From The Globe and Mail article
Almost 20 per cent of Toronto family physicians are considering closing their practices in the next five years, according to a new study warning that more residents of Canada’s largest city could soon have trouble finding a doctor.
The findings are based on a survey of family physicians conducted in January, 2021 – at the height of the second wave of the pandemic. Of 439 doctors in Toronto who answered a question about their plans for the future, 77, or 17.5 per cent, said they were thinking of winding down their practice.
“To me, that was a really surprising number,” said Tara Kiran, the lead author of the study, which was published Monday in the journal Canadian Family Physician.

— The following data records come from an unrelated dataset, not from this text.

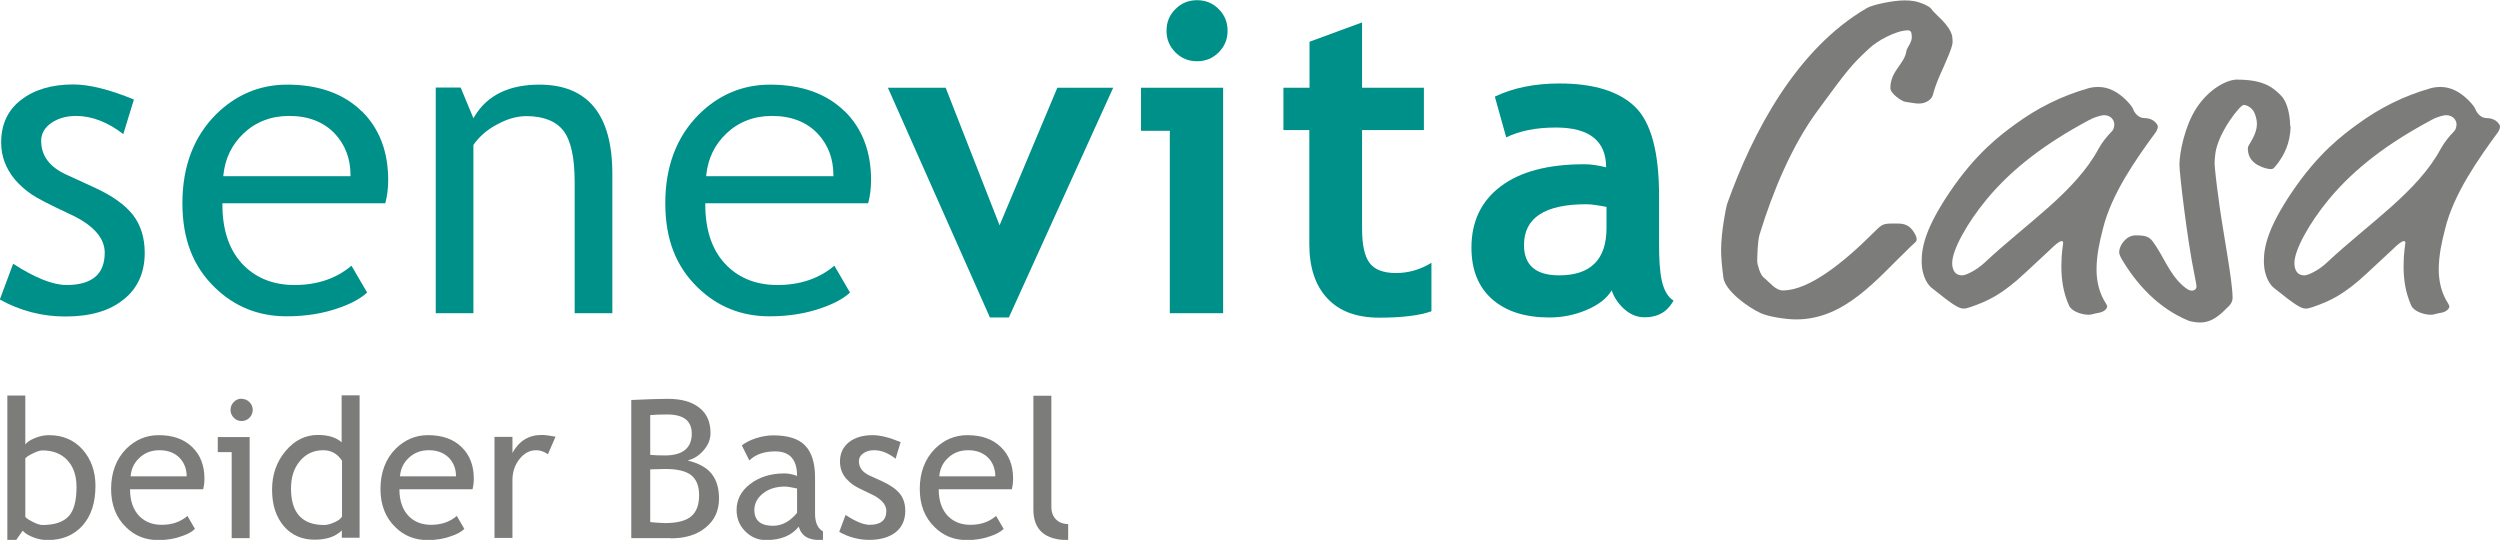 <?xml version="1.0" encoding="UTF-8"?>
<svg id="Ebene_1" data-name="Ebene 1" xmlns="http://www.w3.org/2000/svg" viewBox="0 0 129.38 27.94">
  <defs>
    <style>
      .cls-1 {
        fill: #7c7c7b;
      }

      .cls-2 {
        fill: #00908a;
      }
    </style>
  </defs>
  <g>
    <path class="cls-2" d="M6.41,15.49c.72-.58,1.08-1.39,1.08-2.41,0-.78-.21-1.44-.61-1.96-.41-.52-1.07-.99-1.96-1.4l-1.48-.68c-.87-.39-1.31-.98-1.31-1.75,0-.37,.18-.69,.53-.93,.35-.24,.78-.36,1.28-.36,.81,0,1.64,.32,2.44,.94l.55-1.79c-1.26-.52-2.32-.78-3.14-.78-1.11,0-2.02,.27-2.7,.8C.41,5.69,.06,6.43,.06,7.37c0,.36,.06,.7,.18,1.02,.12,.32,.3,.62,.53,.9,.24,.28,.53,.54,.85,.76,.32,.22,.97,.55,1.91,.99,1.25,.56,1.89,1.24,1.89,2.04,0,1.11-.66,1.67-1.98,1.67-.7,0-1.63-.37-2.76-1.1l-.69,1.85c1.06,.59,2.2,.88,3.39,.88,1.28,0,2.3-.29,3.01-.88"/>
    <path class="cls-2" d="M18.73,5.77c-.93-.92-2.23-1.39-3.87-1.39-1.41,0-2.65,.52-3.68,1.54-1.15,1.15-1.74,2.69-1.74,4.59s.57,3.3,1.69,4.38c1.01,.98,2.25,1.48,3.7,1.48,1.01,0,1.93-.15,2.75-.45,.63-.22,1.11-.49,1.42-.78l-.81-1.39c-.79,.67-1.78,1-2.95,1-1.05,0-1.92-.33-2.59-.98-.76-.74-1.14-1.81-1.14-3.19v-.06h8.43c.1-.37,.15-.77,.15-1.21,0-1.47-.46-2.66-1.36-3.55m-.59,3.36h-6.58v-.06c.09-.85,.43-1.57,1.04-2.15,.63-.6,1.43-.91,2.36-.91,1,0,1.8,.31,2.38,.93,.53,.57,.8,1.29,.8,2.13v.06Z"/>
    <path class="cls-2" d="M25.73,6.44c.52-.29,1.03-.43,1.51-.43,.89,0,1.54,.26,1.93,.77,.38,.51,.57,1.39,.57,2.64v6.79h1.95v-7.22c0-3.06-1.27-4.61-3.78-4.61-1.52,0-2.68,.52-3.35,1.64l-.06,.1-.66-1.59h-1.29v11.68h1.95V7.5c.29-.42,.7-.78,1.22-1.06"/>
    <path class="cls-2" d="M43.72,5.77c-.93-.92-2.23-1.39-3.87-1.39-1.41,0-2.65,.52-3.68,1.54-1.15,1.15-1.74,2.69-1.74,4.59s.57,3.3,1.69,4.38c1.01,.98,2.25,1.48,3.7,1.48,1.01,0,1.93-.15,2.75-.45,.63-.22,1.11-.49,1.42-.78l-.81-1.39c-.79,.67-1.78,1-2.95,1-1.05,0-1.92-.33-2.59-.98-.76-.74-1.14-1.81-1.14-3.19v-.06h8.43c.1-.37,.15-.77,.15-1.21,0-1.47-.46-2.66-1.36-3.55m-.59,3.36h-6.58v-.06c.09-.85,.43-1.57,1.04-2.15,.63-.6,1.43-.91,2.36-.91,1,0,1.8,.31,2.38,.93,.53,.57,.8,1.29,.8,2.13v.06Z"/>
    <polygon class="cls-2" points="52.21 16.43 51.23 16.43 45.95 4.54 48.94 4.54 51.73 11.66 54.72 4.54 57.61 4.54 52.21 16.43"/>
    <path class="cls-2" d="M60.54,16.21V6.77h-1.49v-2.23h4.25v11.67h-2.76ZM61.95,.01c.44,0,.81,.15,1.12,.46,.31,.31,.46,.68,.46,1.12s-.15,.81-.46,1.12c-.31,.31-.68,.46-1.12,.46s-.81-.15-1.12-.46c-.31-.31-.46-.68-.46-1.12s.15-.81,.46-1.12c.31-.31,.68-.46,1.12-.46"/>
    <path class="cls-2" d="M67.77,6.73h-1.35v-2.19h1.35V2.16l2.72-1v3.38h3.2v2.19h-3.2v5.11c0,.83,.13,1.43,.39,1.77,.26,.35,.72,.52,1.37,.52s1.26-.18,1.83-.53v2.51c-.63,.22-1.53,.33-2.7,.33s-2.06-.33-2.68-.99-.94-1.59-.94-2.81V6.73Z"/>
    <path class="cls-2" d="M83.4,15.04c-.25,.41-.68,.74-1.29,1-.61,.26-1.26,.39-1.92,.39-1.26,0-2.24-.31-2.96-.94-.72-.63-1.08-1.52-1.08-2.68,0-1.35,.51-2.41,1.52-3.17,1.01-.76,2.45-1.14,4.32-1.14,.32,0,.7,.05,1.13,.16,0-1.37-.87-2.06-2.6-2.06-1.02,0-1.88,.17-2.57,.51l-.59-2.11c.94-.45,2.05-.68,3.35-.68,1.78,0,3.08,.41,3.91,1.21,.83,.81,1.24,2.35,1.24,4.61v2.49c0,1.55,.13,2.53,.75,2.93-.23,.39-.6,.86-1.51,.86-.39,0-.74-.15-1.06-.44-.31-.29-.52-.61-.63-.95m-.26-4.32c-.46-.09-.81-.14-1.05-.14-2.15,0-3.23,.7-3.23,2.11,0,1.05,.61,1.57,1.82,1.57,1.63,0,2.45-.82,2.45-2.45v-1.09Z"/>
  </g>
  <g>
    <path class="cls-1" d="M101.03,1.9c.02,.12,.02,.19,.02,.26s0,.19-.19,.66c-.33,.83-.62,1.3-.83,2.09-.07,.26-.38,.45-.73,.45-.21,0-.5-.07-.69-.09-.19-.02-.78-.43-.78-.71,0-.9,.73-1.23,.83-1.92,.02-.17,.28-.43,.28-.71,0-.26-.05-.36-.21-.36-.59,0-1.59,.54-2.01,.95-.92,.85-1.14,1.14-2.65,3.2-1.33,1.8-2.32,4.17-3.01,6.42-.1,.31-.12,1.18-.12,1.37,0,.21,.17,.71,.31,.83,.4,.33,.64,.69,1.02,.69,1.35,0,3.15-1.45,4.69-2.99,.38-.38,.47-.47,.9-.47h.38c.31,0,.59,.09,.81,.45,.12,.19,.14,.28,.14,.38,0,.12-.12,.17-.31,.36-1.75,1.68-3.39,3.77-5.92,3.77-.54,0-1.45-.14-1.85-.33-.71-.33-1.82-1.16-1.92-1.82-.07-.54-.12-1.02-.12-1.45,0-.92,.26-2.23,.31-2.37,1.33-3.74,3.6-8.03,7.23-10.14,.28-.17,1.33-.4,1.97-.4,.36,0,.66,.05,1.02,.21,.14,.07,.28,.14,.33,.21,.24,.35,.97,.81,1.11,1.47Z"/>
    <path class="cls-1" d="M110.96,6.11c.12,0,.47,.02,.66,.31,.05,.07,.05,.09,.05,.14,0,.09-.05,.19-.09,.26-1.04,1.42-2.3,3.2-2.75,5.02-.17,.66-.33,1.37-.33,2.11,0,.62,.14,1.23,.5,1.78,.02,.05,.05,.09,.05,.14s-.09,.28-.5,.33c-.14,.02-.31,.09-.45,.09-.36,0-.88-.17-1.02-.47-.31-.69-.4-1.37-.4-2.04,0-.71,.09-1.11,.09-1.18,0-.1,0-.12-.09-.12s-.31,.17-.57,.43l-1.28,1.19c-1.23,1.16-1.99,1.49-2.82,1.78-.14,.05-.28,.09-.38,.09-.26,0-.54-.17-1.66-1.07-.12-.09-.52-.5-.52-1.4,0-.78,.26-1.78,1.42-3.51,1.4-2.09,2.7-3.03,3.41-3.55,1.16-.85,2.39-1.47,3.79-1.87,.17-.05,.36-.07,.52-.07,.54,0,1.02,.26,1.45,.69,.12,.12,.31,.33,.36,.47,.09,.24,.31,.45,.57,.45Zm-2.82,.09c-2.23,1.19-3.98,2.49-5.33,4.12-1,1.21-1.78,2.61-1.78,3.29,0,.28,.09,.64,.52,.64,.19,0,.73-.26,1.16-.66,2.2-2.06,4.69-3.65,5.9-5.9,.17-.31,.43-.64,.69-.9,.07-.07,.12-.21,.12-.36,0-.17-.14-.47-.54-.47-.07,0-.43,.07-.73,.24Z"/>
    <path class="cls-1" d="M118.54,6.52c0,.9-.36,1.54-.69,1.97-.19,.24-.21,.26-.33,.26-.26,0-.66-.17-.83-.31-.21-.17-.36-.4-.36-.76,0-.05,.02-.12,.07-.19,.21-.36,.4-.69,.4-1.09,0-.19-.07-.47-.17-.64s-.33-.33-.52-.33c-.17,0-1.26,1.35-1.45,2.44-.02,.17-.05,.33-.05,.62,0,.14,.12,1.21,.17,1.52,.21,1.78,.76,4.43,.76,5.4,0,.19-.09,.33-.19,.43-.43,.43-.85,.85-1.49,.85-.21,0-.47-.05-.59-.09-1.56-.64-2.68-1.87-3.46-3.18-.07-.12-.14-.28-.14-.36,0-.36,.36-.88,.85-.88s.69,.05,.9,.33c.54,.73,.83,1.64,1.54,2.27,.24,.21,.36,.26,.47,.26,.14,0,.24-.09,.24-.19s0-.14-.12-.73c-.33-1.56-.76-5.12-.76-5.59,0-.64,.28-1.99,.85-2.89,.69-1.09,1.66-1.52,2.11-1.52,1.3,0,1.83,.33,2.32,.85,.33,.35,.45,1.07,.45,1.54Z"/>
    <path class="cls-1" d="M128.67,6.11c.12,0,.47,.02,.66,.31,.05,.07,.05,.09,.05,.14,0,.09-.05,.19-.09,.26-1.04,1.42-2.3,3.2-2.75,5.02-.17,.66-.33,1.37-.33,2.11,0,.62,.14,1.23,.5,1.78,.02,.05,.05,.09,.05,.14s-.09,.28-.5,.33c-.14,.02-.31,.09-.45,.09-.36,0-.88-.17-1.02-.47-.31-.69-.4-1.37-.4-2.04,0-.71,.09-1.11,.09-1.18,0-.1,0-.12-.09-.12s-.31,.17-.57,.43l-1.28,1.19c-1.23,1.16-1.99,1.49-2.82,1.78-.14,.05-.28,.09-.38,.09-.26,0-.54-.17-1.66-1.07-.12-.09-.52-.5-.52-1.4,0-.78,.26-1.78,1.42-3.51,1.4-2.09,2.7-3.03,3.41-3.55,1.16-.85,2.39-1.47,3.79-1.87,.17-.05,.36-.07,.52-.07,.54,0,1.02,.26,1.45,.69,.12,.12,.31,.33,.36,.47,.1,.24,.31,.45,.57,.45Zm-2.82,.09c-2.23,1.19-3.98,2.49-5.33,4.12-1,1.21-1.78,2.61-1.78,3.29,0,.28,.09,.64,.52,.64,.19,0,.74-.26,1.16-.66,2.2-2.06,4.69-3.65,5.9-5.9,.17-.31,.43-.64,.69-.9,.07-.07,.12-.21,.12-.36,0-.17-.14-.47-.55-.47-.07,0-.43,.07-.73,.24Z"/>
  </g>
  <g>
    <path class="cls-1" d="M1.17,27.47l-.33,.47H.38v-7.47h.93v2.53c.09-.12,.25-.23,.5-.33,.24-.1,.48-.15,.72-.15,.72,0,1.3,.25,1.74,.74,.44,.5,.67,1.12,.67,1.88,0,.87-.22,1.56-.67,2.06-.45,.5-1.05,.75-1.81,.75-.25,0-.49-.05-.73-.14s-.42-.2-.54-.33Zm.14-3.76v3.02c0,.05,.12,.14,.35,.26,.23,.12,.41,.18,.53,.18,.63,0,1.08-.15,1.36-.45s.41-.81,.41-1.52c0-.59-.16-1.05-.48-1.39s-.75-.5-1.29-.5c-.11,0-.27,.05-.48,.15s-.34,.19-.4,.26Z"/>
    <path class="cls-1" d="M10.5,25.32h-3.77c0,.61,.17,1.08,.5,1.41,.3,.29,.68,.43,1.14,.43,.53,0,.97-.15,1.33-.46l.39,.67c-.14,.14-.36,.27-.66,.37-.37,.14-.78,.21-1.24,.21-.66,0-1.22-.22-1.67-.67-.51-.49-.77-1.15-.77-1.98s.26-1.55,.79-2.08c.47-.46,1.02-.7,1.67-.7,.75,0,1.33,.21,1.75,.63,.41,.4,.62,.94,.62,1.61,0,.21-.02,.39-.07,.57Zm-2.25-2.02c-.41,0-.76,.13-1.04,.4-.27,.25-.42,.57-.45,.95h2.9c0-.37-.12-.69-.35-.94-.26-.27-.61-.41-1.05-.41Z"/>
    <path class="cls-1" d="M11.99,27.85v-4.45h-.72v-.78h1.65v5.23h-.93Zm.51-7.21c.16,0,.3,.06,.41,.17s.17,.25,.17,.4-.06,.3-.17,.41-.25,.17-.41,.17-.29-.06-.4-.17-.17-.25-.17-.41,.06-.29,.17-.41c.11-.11,.25-.17,.41-.17Z"/>
    <path class="cls-1" d="M17.69,27.84v-.39c-.32,.32-.79,.48-1.41,.48-.65,0-1.19-.23-1.59-.7s-.61-1.09-.61-1.88,.23-1.45,.7-2.01c.47-.56,1.03-.83,1.67-.83,.54,0,.95,.13,1.23,.38v-2.43h.93v7.37h-.93Zm0-4.01c-.23-.35-.56-.53-.96-.53-.5,0-.9,.19-1.21,.56s-.46,.84-.46,1.42c0,1.26,.57,1.89,1.72,1.89,.15,0,.32-.05,.53-.14s.33-.19,.39-.3v-2.9Z"/>
    <path class="cls-1" d="M24.44,25.32h-3.77c0,.61,.17,1.08,.5,1.41,.3,.29,.68,.43,1.14,.43,.53,0,.97-.15,1.33-.46l.39,.67c-.14,.14-.36,.27-.66,.37-.37,.14-.78,.21-1.24,.21-.66,0-1.22-.22-1.67-.67-.51-.49-.77-1.15-.77-1.98s.26-1.55,.79-2.08c.47-.46,1.02-.7,1.67-.7,.75,0,1.33,.21,1.75,.63,.41,.4,.62,.94,.62,1.61,0,.21-.02,.39-.07,.57Zm-2.25-2.02c-.41,0-.76,.13-1.04,.4-.27,.25-.42,.57-.45,.95h2.9c0-.37-.12-.69-.35-.94-.26-.27-.61-.41-1.05-.41Z"/>
    <path class="cls-1" d="M28.36,23.51c-.2-.14-.41-.21-.61-.21-.33,0-.62,.15-.86,.45s-.37,.67-.37,1.09v3h-.93v-5.23h.93v.83c.34-.62,.84-.93,1.51-.93,.17,0,.41,.03,.72,.09l-.39,.9Z"/>
    <path class="cls-1" d="M34.71,27.85h-2.04v-7.15c.87-.04,1.5-.06,1.88-.06,.71,0,1.25,.15,1.64,.46,.39,.3,.58,.74,.58,1.31,0,.33-.12,.63-.37,.91s-.52,.44-.82,.51c.57,.14,.98,.36,1.24,.68,.26,.32,.39,.75,.39,1.29,0,.63-.23,1.13-.69,1.5-.46,.38-1.06,.56-1.8,.56Zm-1.06-6.37v2.06c.21,.02,.46,.03,.76,.03,.92,0,1.39-.38,1.39-1.13,0-.66-.42-.99-1.27-.99-.33,0-.62,.01-.87,.03Zm0,2.81v2.73c.34,.03,.59,.05,.77,.05,.61,0,1.06-.11,1.34-.34s.42-.59,.42-1.1c0-.46-.13-.81-.4-1.03-.27-.22-.72-.33-1.35-.33l-.79,.02Z"/>
    <path class="cls-1" d="M41.34,27.25c-.37,.47-.94,.7-1.7,.7-.41,0-.77-.15-1.07-.45s-.45-.67-.45-1.11c0-.53,.23-.98,.7-1.34s1.06-.55,1.77-.55c.2,0,.42,.04,.66,.13,0-.85-.38-1.27-1.13-1.27-.58,0-1.03,.16-1.34,.47l-.39-.78c.18-.14,.42-.27,.73-.37s.61-.15,.89-.15c.76,0,1.31,.17,1.65,.52,.34,.35,.52,.89,.52,1.65v1.88c0,.46,.14,.77,.41,.92v.46c-.38,0-.66-.05-.85-.16s-.32-.28-.4-.53Zm-.09-1.97c-.29-.06-.5-.1-.62-.1-.47,0-.85,.12-1.15,.36-.3,.24-.44,.53-.44,.85,0,.54,.32,.82,.96,.82,.47,0,.88-.22,1.25-.67v-1.26Z"/>
    <path class="cls-1" d="M43.43,27.53l.33-.88c.52,.34,.93,.51,1.25,.51,.57,0,.86-.24,.86-.72,0-.34-.28-.64-.83-.89-.43-.2-.71-.34-.86-.44-.15-.1-.28-.22-.39-.34-.11-.13-.19-.27-.24-.41-.05-.15-.08-.3-.08-.47,0-.43,.16-.76,.47-1.01,.31-.24,.72-.36,1.23-.36,.38,0,.86,.12,1.44,.36l-.26,.86c-.37-.29-.74-.44-1.11-.44-.22,0-.41,.05-.56,.16-.15,.1-.23,.24-.23,.4,0,.34,.19,.59,.57,.76l.66,.3c.41,.19,.7,.4,.89,.63,.19,.24,.28,.54,.28,.89,0,.47-.17,.84-.49,1.1-.33,.26-.79,.4-1.37,.4-.55,0-1.07-.14-1.55-.41Z"/>
    <path class="cls-1" d="M52.35,25.32h-3.77c0,.61,.17,1.08,.5,1.41,.3,.29,.68,.43,1.14,.43,.53,0,.97-.15,1.33-.46l.39,.67c-.14,.14-.36,.27-.66,.37-.37,.14-.79,.21-1.24,.21-.66,0-1.22-.22-1.67-.67-.51-.49-.77-1.15-.77-1.98s.26-1.55,.79-2.08c.47-.46,1.02-.7,1.67-.7,.75,0,1.33,.21,1.75,.63,.41,.4,.62,.94,.62,1.61,0,.21-.02,.39-.07,.57Zm-2.25-2.02c-.41,0-.76,.13-1.04,.4-.27,.25-.42,.57-.45,.95h2.9c0-.37-.12-.69-.35-.94-.26-.27-.61-.41-1.05-.41Z"/>
    <path class="cls-1" d="M53.48,26.37v-5.89h.93v5.74c0,.28,.08,.5,.24,.66s.37,.24,.63,.24v.83c-1.2,0-1.8-.53-1.8-1.58Z"/>
  </g>
</svg>

In a related study published in September, Dr. Kiran and her fellow researchers at Unity Health Toronto and the non-profit research institute ICES mined Ontario Health Insurance Plan (OHIP) billing data to discover that almost three per cent of the province’s doctors had stopped practising during the first six months of the pandemic, about twice the normal rate.
Which is why Dr. Kiran, a family doctor at St. Michael’s Academic Family Health Team in Toronto, was startled to find significantly more doctors were thinking of giving up on office-based primary care.
“Here it was 17 per cent, almost one in five doctors, considering closing their practice,” she said. “If you’d asked me for an estimate before doing the survey, I would not have estimated something nearly that high.”